En el sentido más semántico de la discusión, me parece que agregar “feliz” al día de la mujer no es necesariamente un menoscabo. Felicitamos a la madre, al padre, al médico, al maestro, así como a diferentes sujetos que asumen un rol de vital importancia para el sostenimiento y reproducción de nuestra vida social; ¿por qué no habríamos de hacerlo con las mujeres? Claro, habrá quien considere que ‘ser mujer’ no es ‘un rol más’, sino una identidad sexo-genérica que define constitutivamente lo que somos y la manera en que nos relacionamos con el mundo. Pero, si nos tomamos en serio las palabras de Simone de Beauvoir (y no sólo como frase de ocasión), ‘ser mujer’ es un devenir, un ‘llegar a ser’, una construcción social que, en última instancia implica un rol social en construcción, un rol que merece también ser celebrado.
En ninguno de los extremos del debate existe quien se oponga a visibilizar el papel fundamental que juega la mujer en la sociedad. Hay quien lo hace saliendo a marchar, con un paro de labores o con un performance transgresor, pero ¿por qué habríamos de censurar las formas más ‘soft’ de visibilización?: quien decide regalar una rosa, quien ofrece una tarjeta de reconocimiento, quien públicamente decide felicitar a una mujer. Se dirá que la diferencia está en el acento: mientras que las primeras tienen un tono ‘emancipador’ y ‘reivindicativo’ las segundas buscan perpetuar el status-quo.

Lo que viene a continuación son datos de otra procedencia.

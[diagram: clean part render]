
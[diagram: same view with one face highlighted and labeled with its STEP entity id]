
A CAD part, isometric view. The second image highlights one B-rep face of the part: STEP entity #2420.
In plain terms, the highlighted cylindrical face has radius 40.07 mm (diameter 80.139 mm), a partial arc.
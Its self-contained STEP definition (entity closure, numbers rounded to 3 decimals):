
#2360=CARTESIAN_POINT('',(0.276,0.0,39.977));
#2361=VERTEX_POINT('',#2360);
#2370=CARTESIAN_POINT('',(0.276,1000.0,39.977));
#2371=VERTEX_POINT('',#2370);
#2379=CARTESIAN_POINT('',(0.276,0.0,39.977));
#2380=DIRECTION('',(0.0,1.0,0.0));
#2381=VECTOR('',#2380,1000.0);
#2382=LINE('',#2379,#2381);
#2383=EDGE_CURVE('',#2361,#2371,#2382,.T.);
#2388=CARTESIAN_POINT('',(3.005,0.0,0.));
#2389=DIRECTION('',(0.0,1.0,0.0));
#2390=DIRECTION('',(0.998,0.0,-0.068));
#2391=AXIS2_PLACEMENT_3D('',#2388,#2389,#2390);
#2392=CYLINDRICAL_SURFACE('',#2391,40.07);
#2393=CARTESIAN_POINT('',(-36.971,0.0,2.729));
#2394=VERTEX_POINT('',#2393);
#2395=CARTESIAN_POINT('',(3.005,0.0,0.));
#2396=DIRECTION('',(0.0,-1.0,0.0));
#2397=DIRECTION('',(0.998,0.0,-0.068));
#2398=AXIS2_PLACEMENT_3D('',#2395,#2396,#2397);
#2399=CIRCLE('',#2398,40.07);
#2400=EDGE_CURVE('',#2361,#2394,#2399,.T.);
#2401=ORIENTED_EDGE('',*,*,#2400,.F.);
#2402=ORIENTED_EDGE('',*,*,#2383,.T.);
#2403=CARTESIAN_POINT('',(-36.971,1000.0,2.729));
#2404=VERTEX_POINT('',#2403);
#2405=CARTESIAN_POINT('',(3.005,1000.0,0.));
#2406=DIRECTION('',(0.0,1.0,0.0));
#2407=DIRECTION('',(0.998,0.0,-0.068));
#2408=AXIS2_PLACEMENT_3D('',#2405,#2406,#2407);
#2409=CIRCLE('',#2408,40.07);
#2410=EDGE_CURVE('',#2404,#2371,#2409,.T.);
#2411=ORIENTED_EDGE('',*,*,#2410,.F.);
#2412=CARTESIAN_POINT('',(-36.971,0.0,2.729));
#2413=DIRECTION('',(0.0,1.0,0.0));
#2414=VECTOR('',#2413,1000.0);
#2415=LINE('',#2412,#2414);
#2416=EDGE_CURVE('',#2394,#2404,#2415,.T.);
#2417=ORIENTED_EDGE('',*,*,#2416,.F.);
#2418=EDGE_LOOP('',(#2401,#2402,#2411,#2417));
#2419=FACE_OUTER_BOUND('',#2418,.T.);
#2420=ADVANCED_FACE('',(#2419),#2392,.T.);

No obstante, la significación de un acto es una disputa que jamás nos remite a una interpretación objetiva. Asumir que el hombre que nos regala una rosa lo hace para encadenarnos a un rol de ‘represión patriarcal’ o ‘inferioridad’ es tan subjetivo como quien encuentra en la celebración del ‘Halloween’ una transgresión a la identidad nacional.
Festejar es un verbo repleto de efusividad y de energía que no niega la posibilidad de lucha ni de reivindicación. En España, como en cientos de ciudades alrededor del mundo, las mujeres salieron a marchar y lo hicieron con un tono político que no abandonaba lo festivo. Estaban orgullosas de ser mujeres en la infinidad de versiones en las que se puede ser, y muchas de ellas yo las vi marchar alegres, llenando de color las calles, con una feminidad que rompía el canon de ciertos feminismos ortodoxos.

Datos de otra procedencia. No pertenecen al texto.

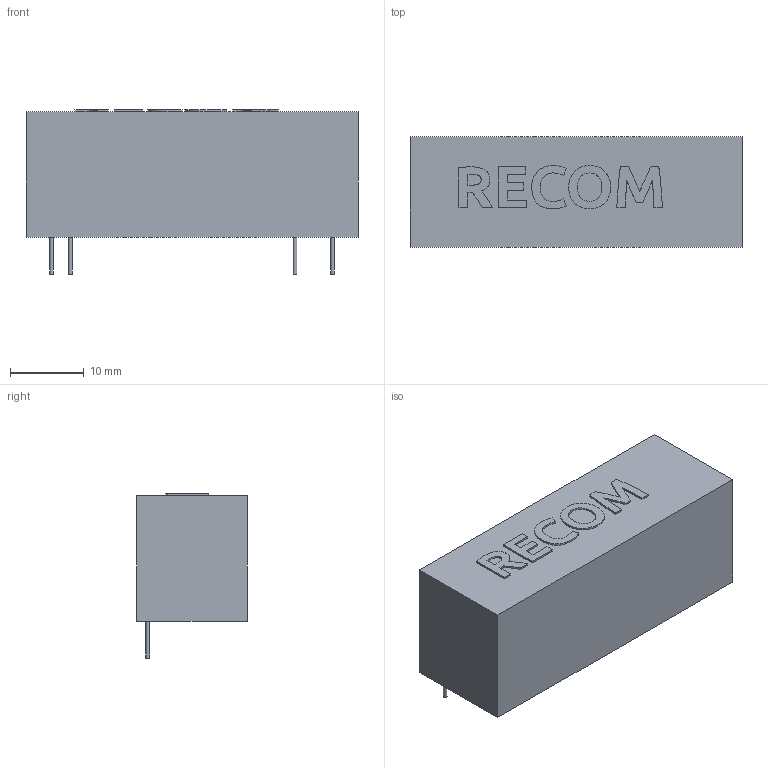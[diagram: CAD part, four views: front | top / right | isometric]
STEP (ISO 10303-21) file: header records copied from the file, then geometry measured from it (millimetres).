
FILE_DESCRIPTION(('FreeCAD Model'),'2;1');
FILE_NAME('Pad_sp_sp.step' ,'2020-10-09T01:30:33',('kicad StepUp'),('ksu MCAD'), 'Open CASCADE STEP processor 7.4','FreeCAD','Unknown');
FILE_SCHEMA(('AUTOMOTIVE_DESIGN { 1 0 10303 214 1 1 1 1 }'));
Length unit declared in the file: millimetre
Products named in the file (1): Pad_sp_sp
Bounding box: 45 x 15 x 22.25 mm (x, y, z)
Volume: 11498.3 mm3; surface area: 3458.5 mm2
Topology: 1 solids, 1 shells, 153 faces, 420 edges, 280 vertices
Faces by surface type: extrusion 106, plane 43, cylinder 4
Full cylindrical faces by diameter (mm): 0.5 x4
Entity records: 6548 total; most frequent: CARTESIAN_POINT 1979, ORIENTED_EDGE 840, EDGE_CURVE 420, DIRECTION 418, B_SPLINE_CURVE_WITH_KNOTS 318, VECTOR 306, VERTEX_POINT 280, LINE 200

Los días sociales establecidos por convención son eso, una oportunidad de recordarle a la sociedad la importancia que cada una y uno de nosotros tenemos en la conformación de nuestra sociedad y, en la multiplicidad de roles que adoptamos en ella: mujer, padre, abuela, doctora, maestro, enfermero, albañil, etcétera. Es cierto que la disputa de los significantes no deja de ser una lucha importante, pero así como hay hombres que hipócritamente ‘festejan a la mujer’ y se olvidan de reconocer su importancia los 365 días restantes, hay también mujeres que se movilizan sólo en la ocasión y pierden los lazos de solidaridad, igualdad y respeto por las de su género (y del género contrario) lo que resta del año.
Por eso, si usted conoce a alguna mujer que por algún motivo la considera ejemplar y desea felicitarla en su día (o en cualquier otro), ¡hágalo! No se limite por un nuevo convencionalismo que ahora dicta que está mal el ‘festejar a la mujer’. Si usted es una mujer y el siguiente 8 de marzo recibe felicitaciones legítimas, ¡acéptelas! No se reprima por quien pretenda criticarle como ‘una mujer traidora a la causa’. La lucha por la igualdad no cesará por las rosas ni por las felicitaciones, las mujeres y los hombres que creemos en la igualdad no luchamos un día, sino nuestra vida por lo que creemos justo.